Question

Sand pouring from a chute forms a conical pile whose height is always equal to the diameter. If the height increases at a constant rate of 5 ft/min, at what rate is sand pouring from the chute when the pile is 10 ft high?

Answer 1

Answer:

$125\pi \frac{\text{ft}^3}{\text{min}}$.

Step-by-step explanation:

Let x represent height of the cone.

We have been given that Sand pouring from a chute forms a conical pile whose height is always equal to the diameter.

We know that radius is half the diameter, so radius of cone would be $\frac{x}{2}$.

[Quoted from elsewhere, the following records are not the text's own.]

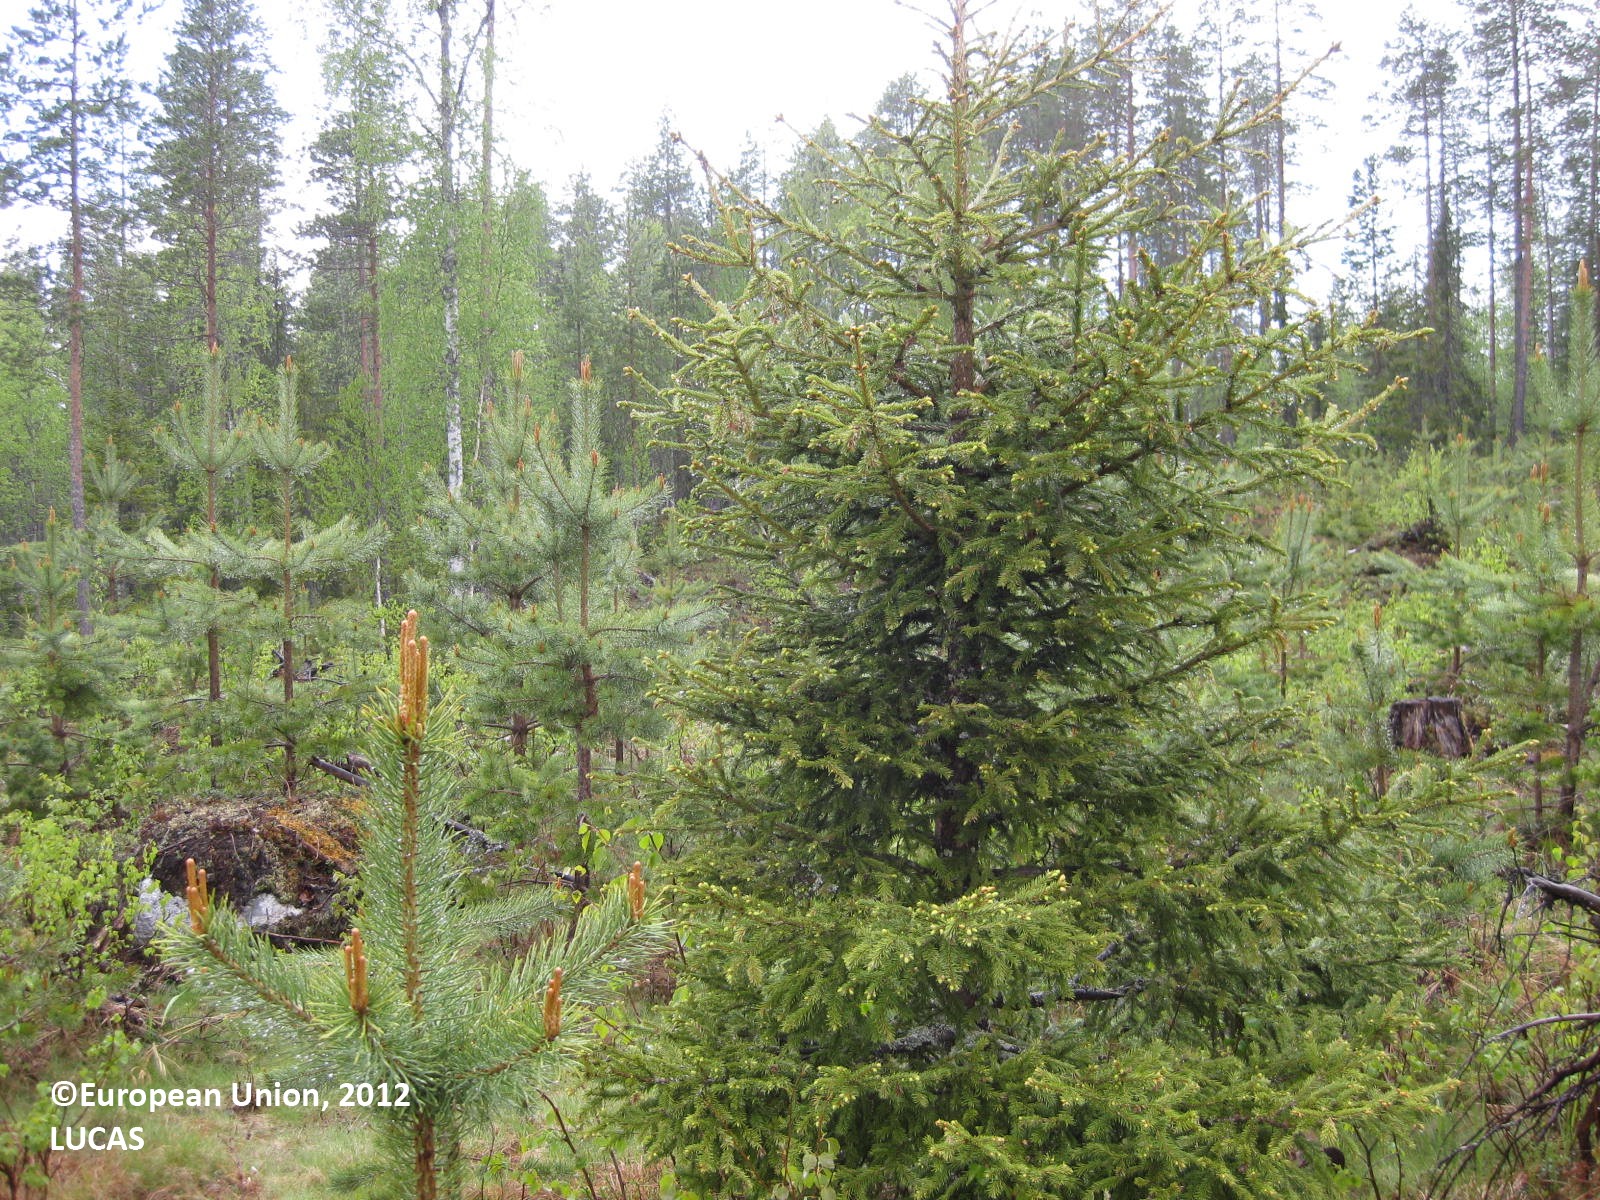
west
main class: Woodland
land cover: Pine dominated coniferous woodland
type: boreal forest
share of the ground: 50 - 75 %
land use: Forestry
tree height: < 5 m
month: June
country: FI
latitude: 65.1945
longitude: 29.4927

We will use volume of cone formula to solve our given problem.

$V=\frac{1}{3}\pi r^2h$

Upon substituting the value of height and radius in terms of x, we will get:

$V=\frac{1}{3}\pi (\frac{x}{2})^2(x)$

$V=\frac{1}{3}\pi\frac{x^2}{4}(x)$

$V=\frac{1}{12}\pi x^3$

Now, we will take the derivative of volume with respect to time as:

$\frac{dV}{dt}=\frac{1}{12}\pi\cdot 3x^2\cdot \frac{dx}{dt}$

$\frac{dV}{dt}=\frac{1}{4}\pi\cdot x^2\cdot \frac{dx}{dt}$

Upon substituting $x=10$ and $\frac{dx}{dt}=5$, we will get:

$\frac{dV}{dt}=\frac{1}{4}\pi\cdot (10)^2\cdot 5$

$\frac{dV}{dt}=\frac{1}{4}\pi\cdot 100\cdot 5$

$\frac{dV}{dt}=\pi\cdot 25\cdot 5$

$\frac{dV}{dt}=125\pi$

Therefore, the sand is pouring from the chute at a rate of $125\pi \frac{\text{ft}^3}{\text{min}}$.